» Task item
Could you write out every record below exactly, leaving out any pictures?

» Data supplied
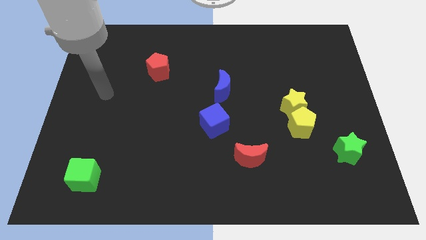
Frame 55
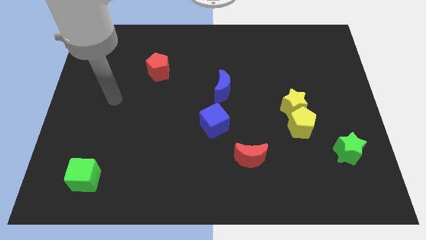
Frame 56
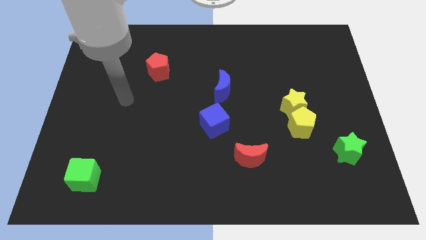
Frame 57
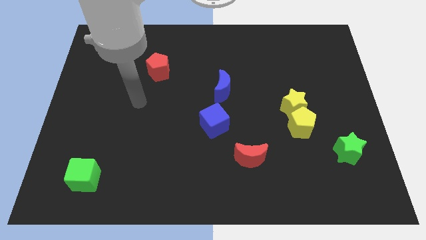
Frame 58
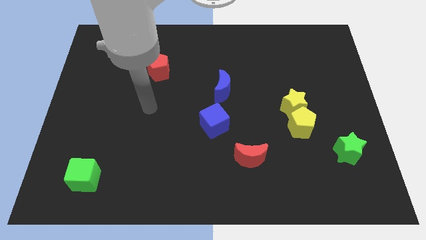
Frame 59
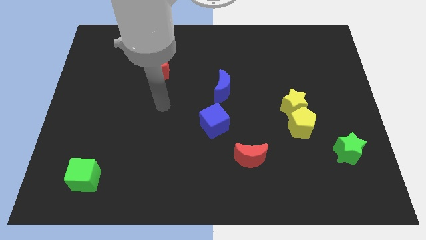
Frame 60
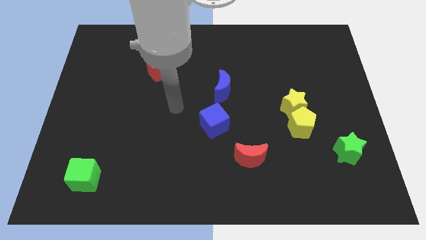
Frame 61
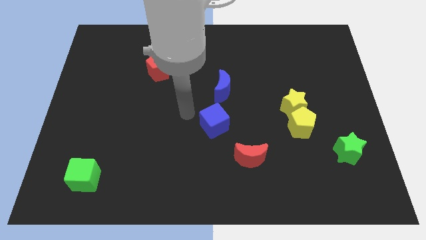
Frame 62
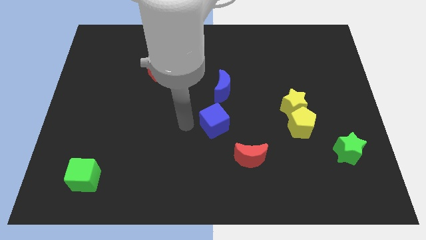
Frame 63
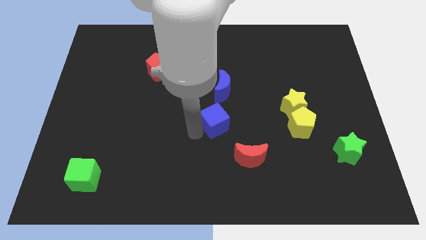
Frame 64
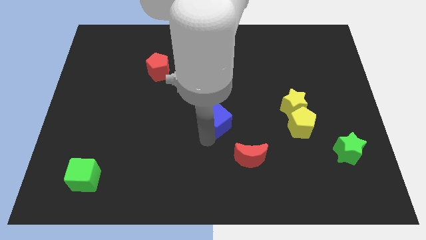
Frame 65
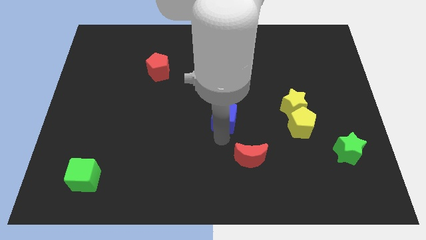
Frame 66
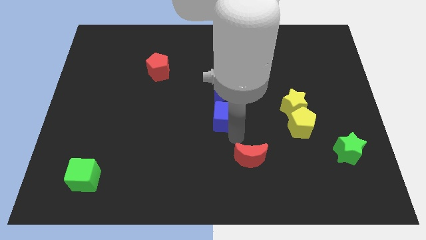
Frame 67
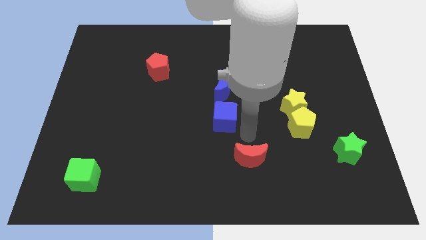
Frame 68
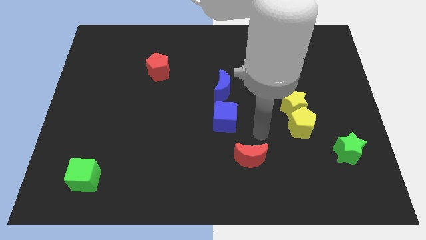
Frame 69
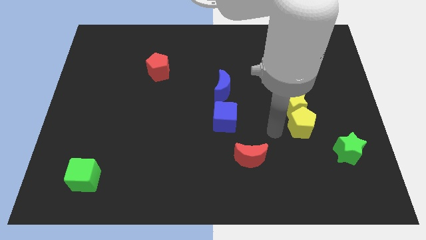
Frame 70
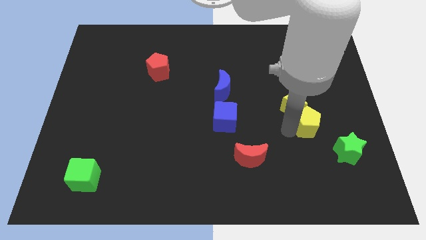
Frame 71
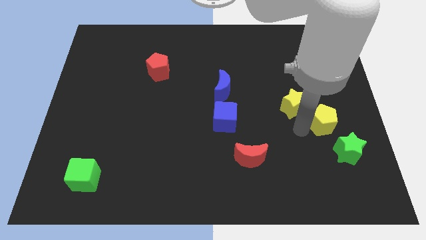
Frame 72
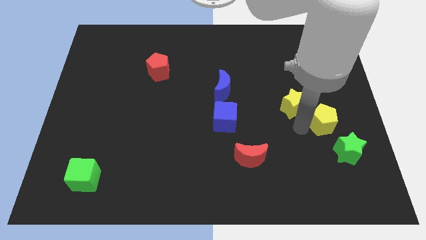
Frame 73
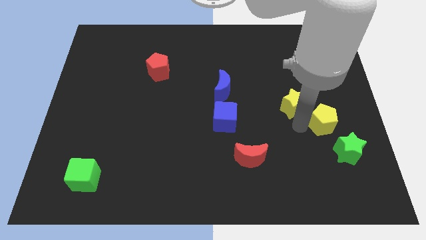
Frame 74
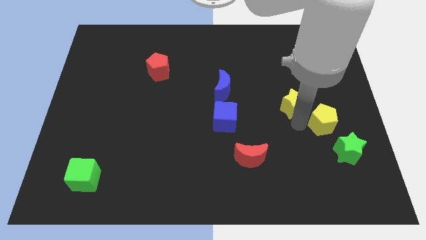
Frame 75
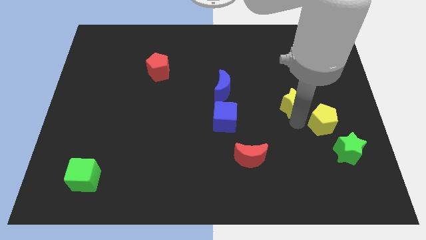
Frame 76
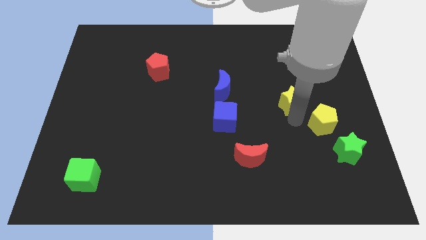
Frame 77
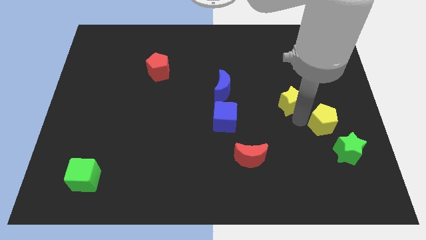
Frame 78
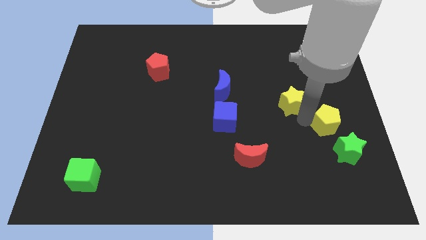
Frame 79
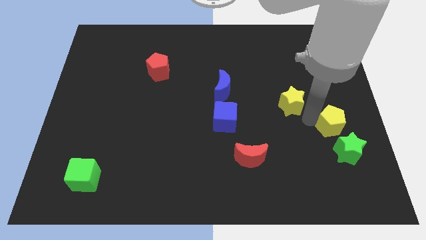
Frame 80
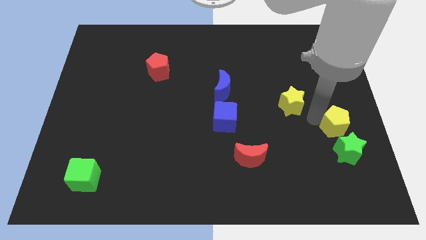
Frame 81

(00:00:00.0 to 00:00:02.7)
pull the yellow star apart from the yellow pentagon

» Result
Frame 55
Frame 56
Frame 57
Frame 58
Frame 59
Frame 60
Frame 61
Frame 62
Frame 63
Frame 64
Frame 65
Frame 66
Frame 67
Frame 68
Frame 69
Frame 70
Frame 71
Frame 72
Frame 73
Frame 74
Frame 75
Frame 76
Frame 77
Frame 78
Frame 79
Frame 80
Frame 81

(00:00:00.0 to 00:00:02.7)
pull the yellow star apart from the yellow pentagon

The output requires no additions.